* Work required *
What you return should be the entries, unchanged, without their pictures.

▬▬▬

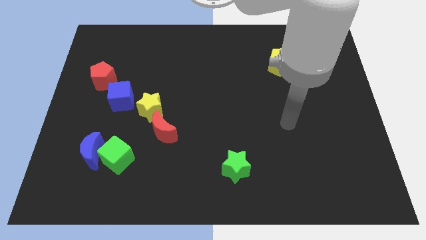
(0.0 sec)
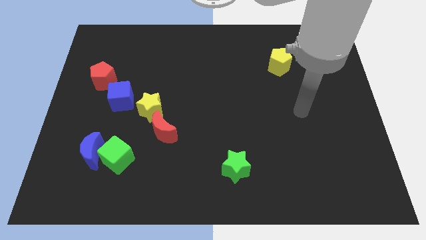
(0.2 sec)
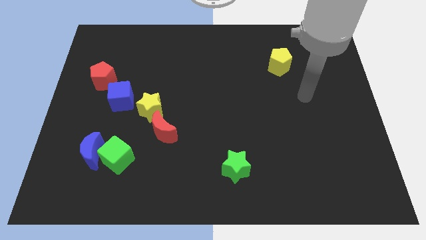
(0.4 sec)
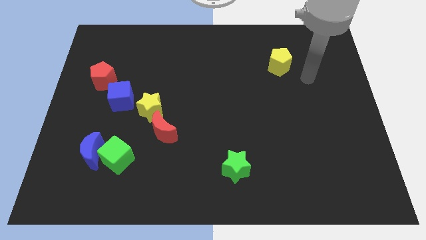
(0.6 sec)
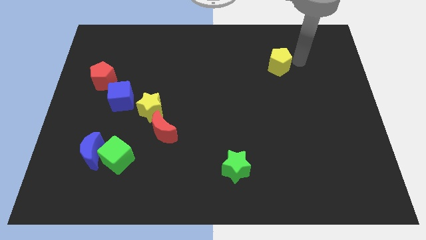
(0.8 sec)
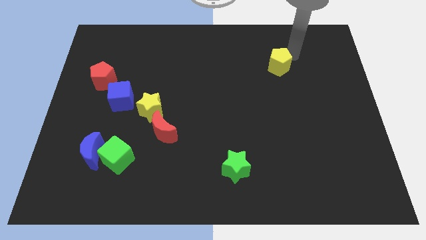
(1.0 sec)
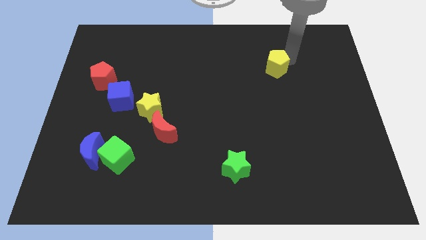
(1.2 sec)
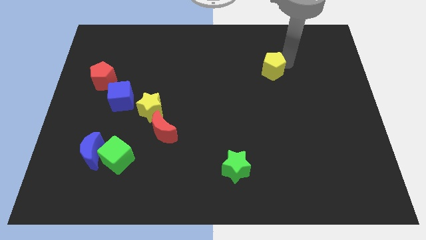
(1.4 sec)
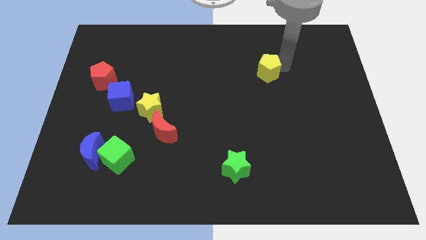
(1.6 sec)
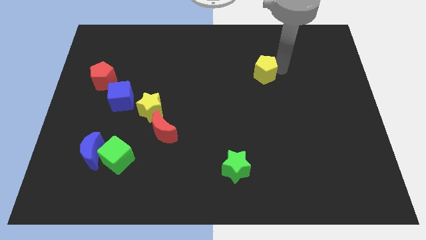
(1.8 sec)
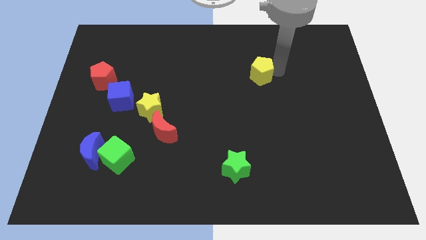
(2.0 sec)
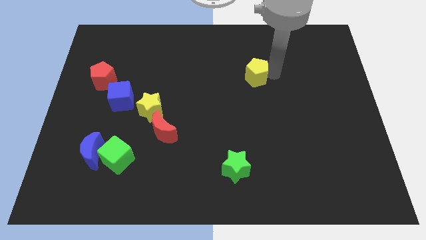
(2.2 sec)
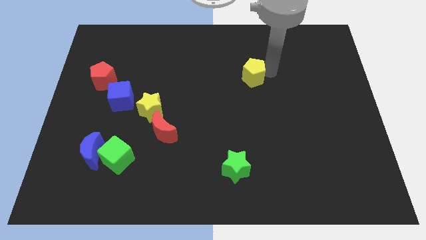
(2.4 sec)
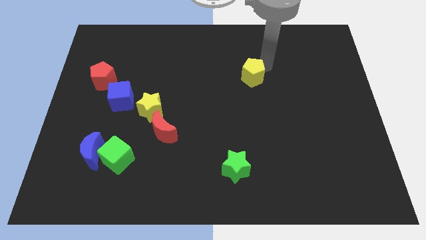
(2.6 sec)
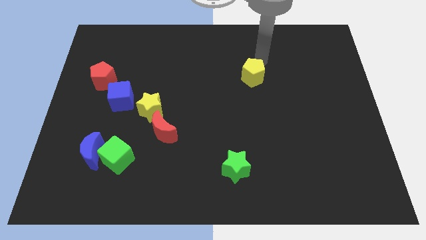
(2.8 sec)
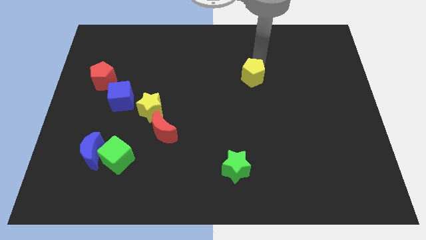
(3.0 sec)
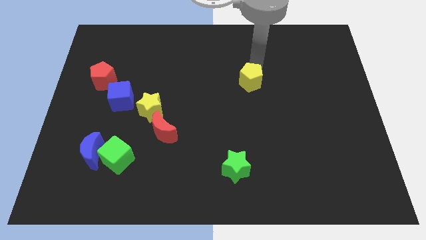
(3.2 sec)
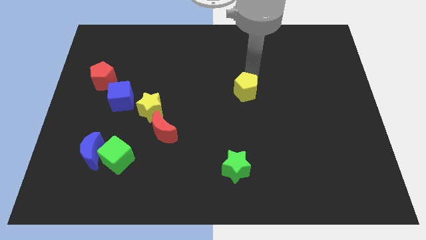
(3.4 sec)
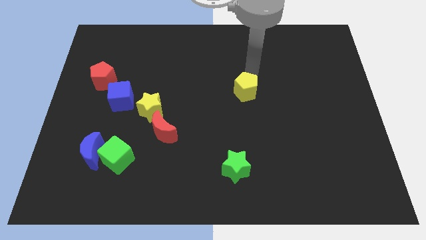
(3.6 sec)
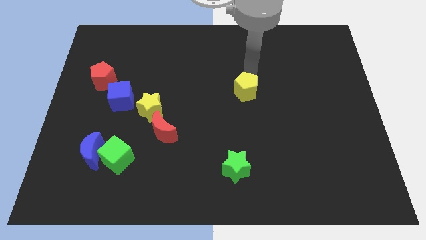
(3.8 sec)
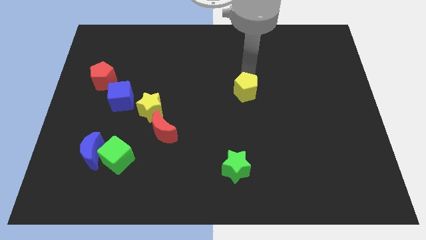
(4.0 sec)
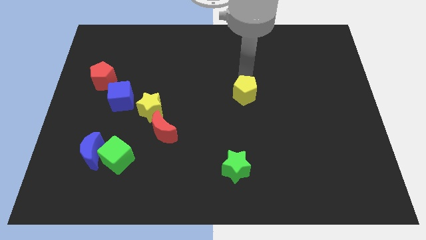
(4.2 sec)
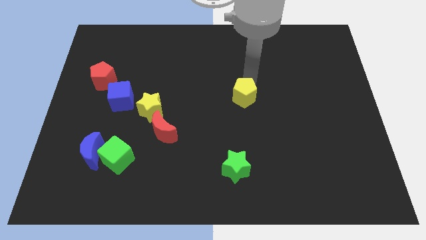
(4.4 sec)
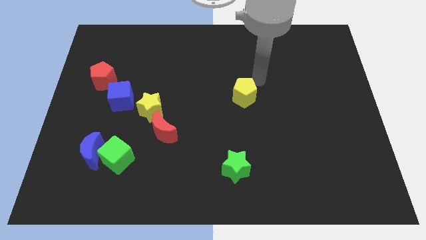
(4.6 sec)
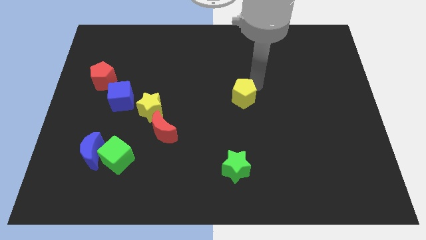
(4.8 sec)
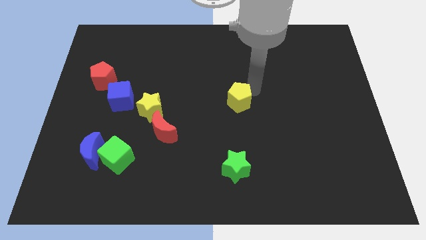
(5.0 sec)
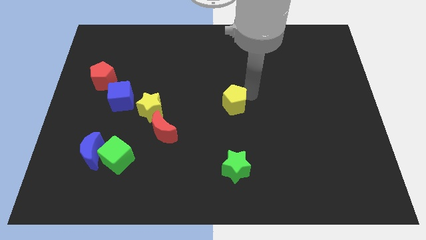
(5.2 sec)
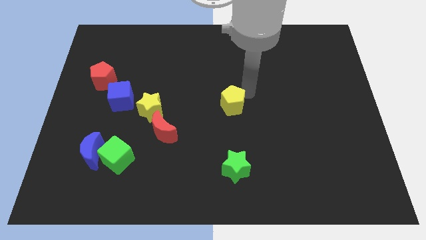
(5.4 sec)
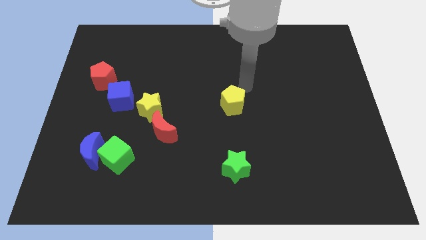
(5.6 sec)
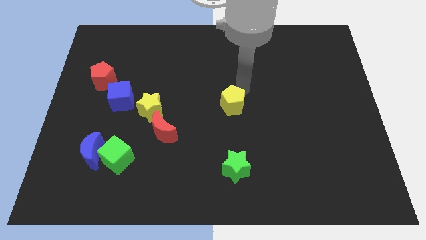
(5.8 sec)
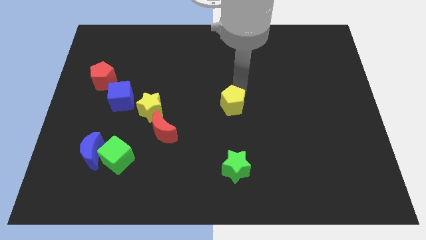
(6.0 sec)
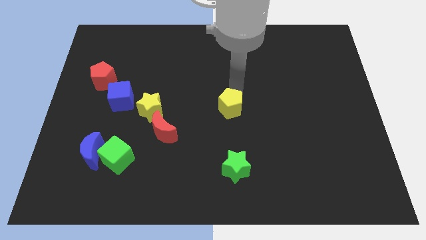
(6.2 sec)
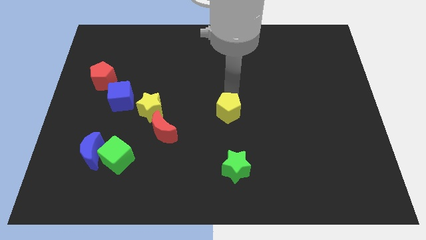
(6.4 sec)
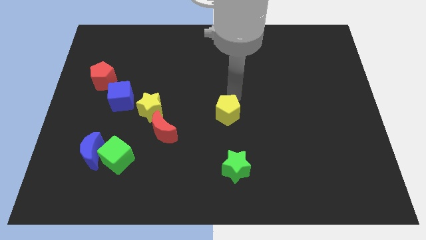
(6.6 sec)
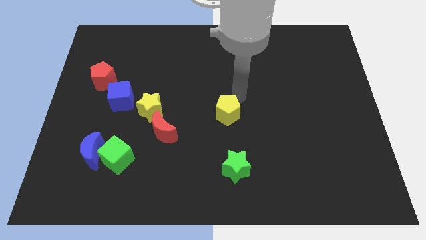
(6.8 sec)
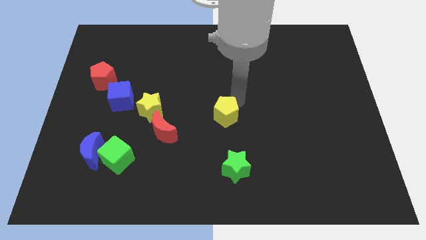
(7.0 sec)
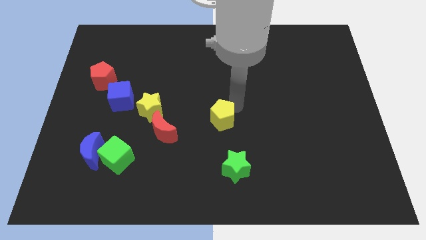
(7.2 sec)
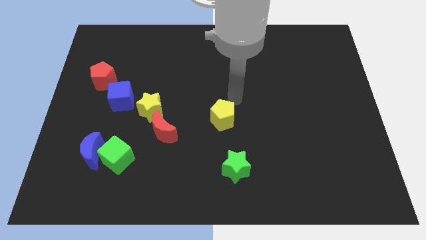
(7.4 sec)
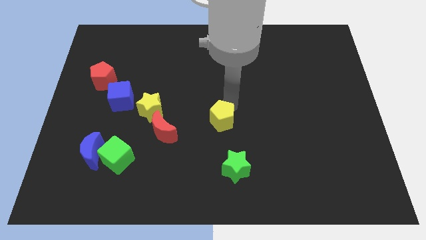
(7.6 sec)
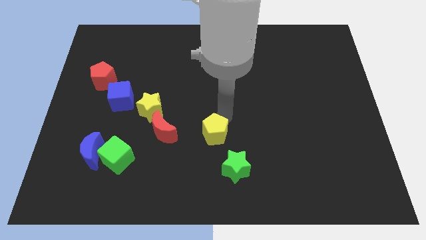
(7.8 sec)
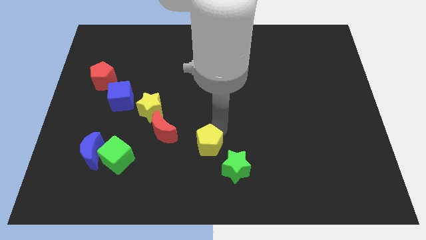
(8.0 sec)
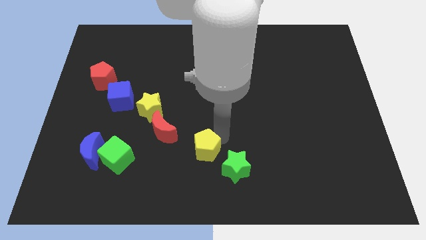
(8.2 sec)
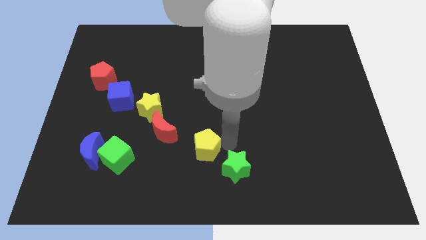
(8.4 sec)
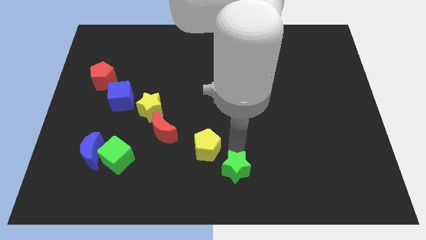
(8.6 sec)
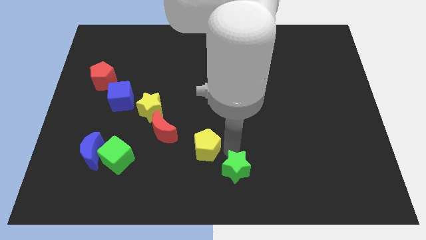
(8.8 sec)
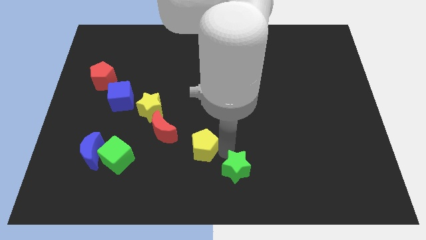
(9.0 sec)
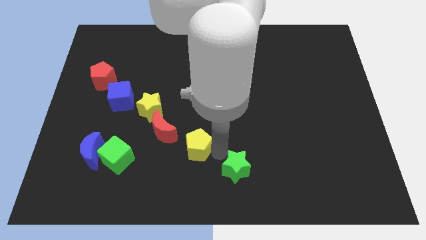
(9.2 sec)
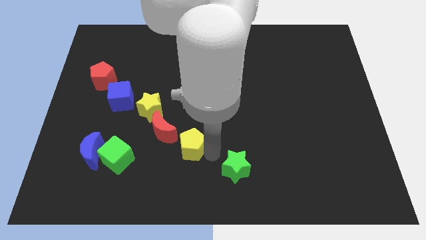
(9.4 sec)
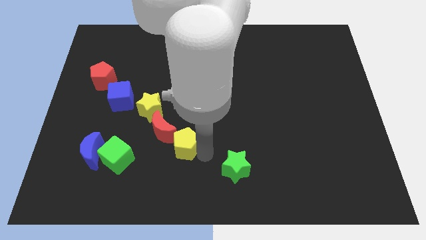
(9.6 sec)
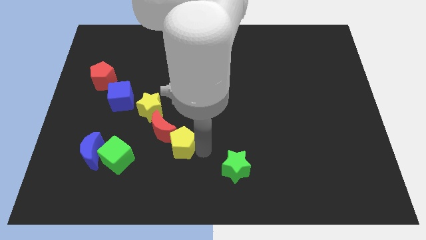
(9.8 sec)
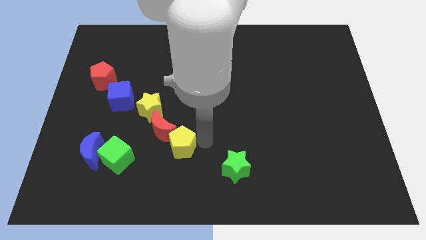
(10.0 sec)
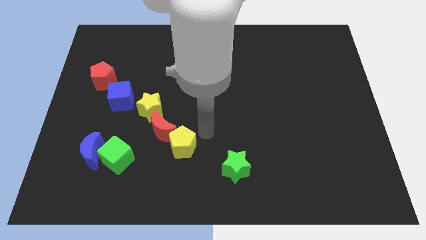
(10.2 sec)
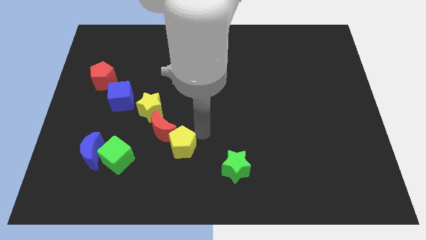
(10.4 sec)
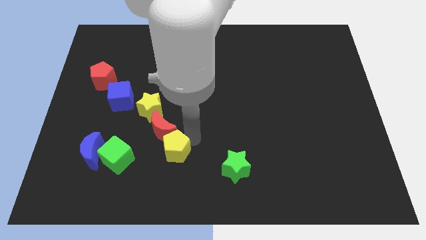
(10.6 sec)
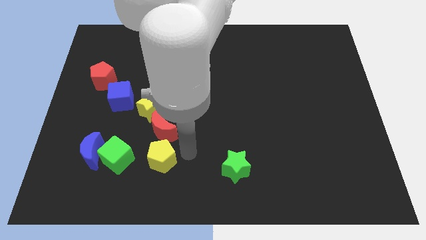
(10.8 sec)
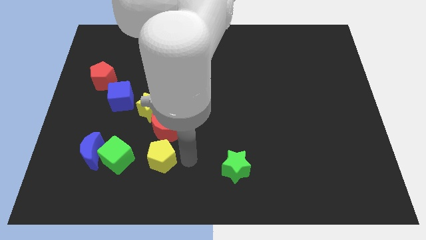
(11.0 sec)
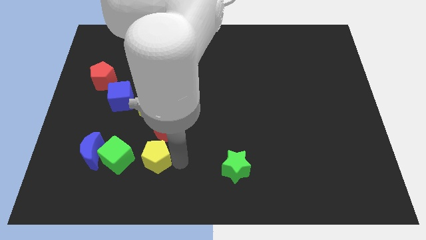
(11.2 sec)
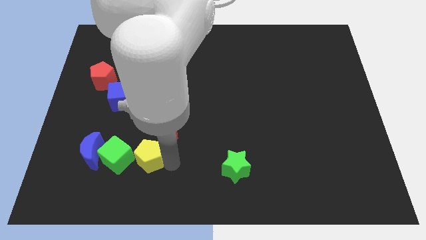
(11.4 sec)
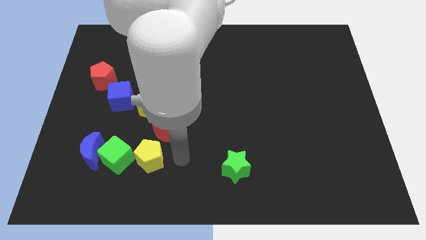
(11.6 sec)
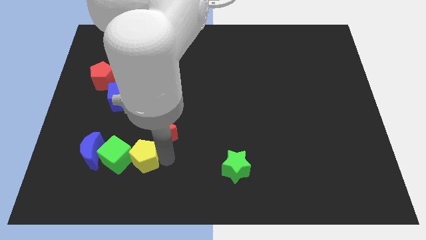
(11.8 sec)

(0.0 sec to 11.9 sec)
put the yellow pentagon next to the green cube

▬▬▬

* Answer to the problem *
(0.0 sec)
(0.2 sec)
(0.4 sec)
(0.6 sec)
(0.8 sec)
(1.0 sec)
(1.2 sec)
(1.4 sec)
(1.6 sec)
(1.8 sec)
(2.0 sec)
(2.2 sec)
(2.4 sec)
(2.6 sec)
(2.8 sec)
(3.0 sec)
(3.2 sec)
(3.4 sec)
(3.6 sec)
(3.8 sec)
(4.0 sec)
(4.2 sec)
(4.4 sec)
(4.6 sec)
(4.8 sec)
(5.0 sec)
(5.2 sec)
(5.4 sec)
(5.6 sec)
(5.8 sec)
(6.0 sec)
(6.2 sec)
(6.4 sec)
(6.6 sec)
(6.8 sec)
(7.0 sec)
(7.2 sec)
(7.4 sec)
(7.6 sec)
(7.8 sec)
(8.0 sec)
(8.2 sec)
(8.4 sec)
(8.6 sec)
(8.8 sec)
(9.0 sec)
(9.2 sec)
(9.4 sec)
(9.6 sec)
(9.8 sec)
(10.0 sec)
(10.2 sec)
(10.4 sec)
(10.6 sec)
(10.8 sec)
(11.0 sec)
(11.2 sec)
(11.4 sec)
(11.6 sec)
(11.8 sec)

(0.0 sec to 11.9 sec)
put the yellow pentagon next to the green cube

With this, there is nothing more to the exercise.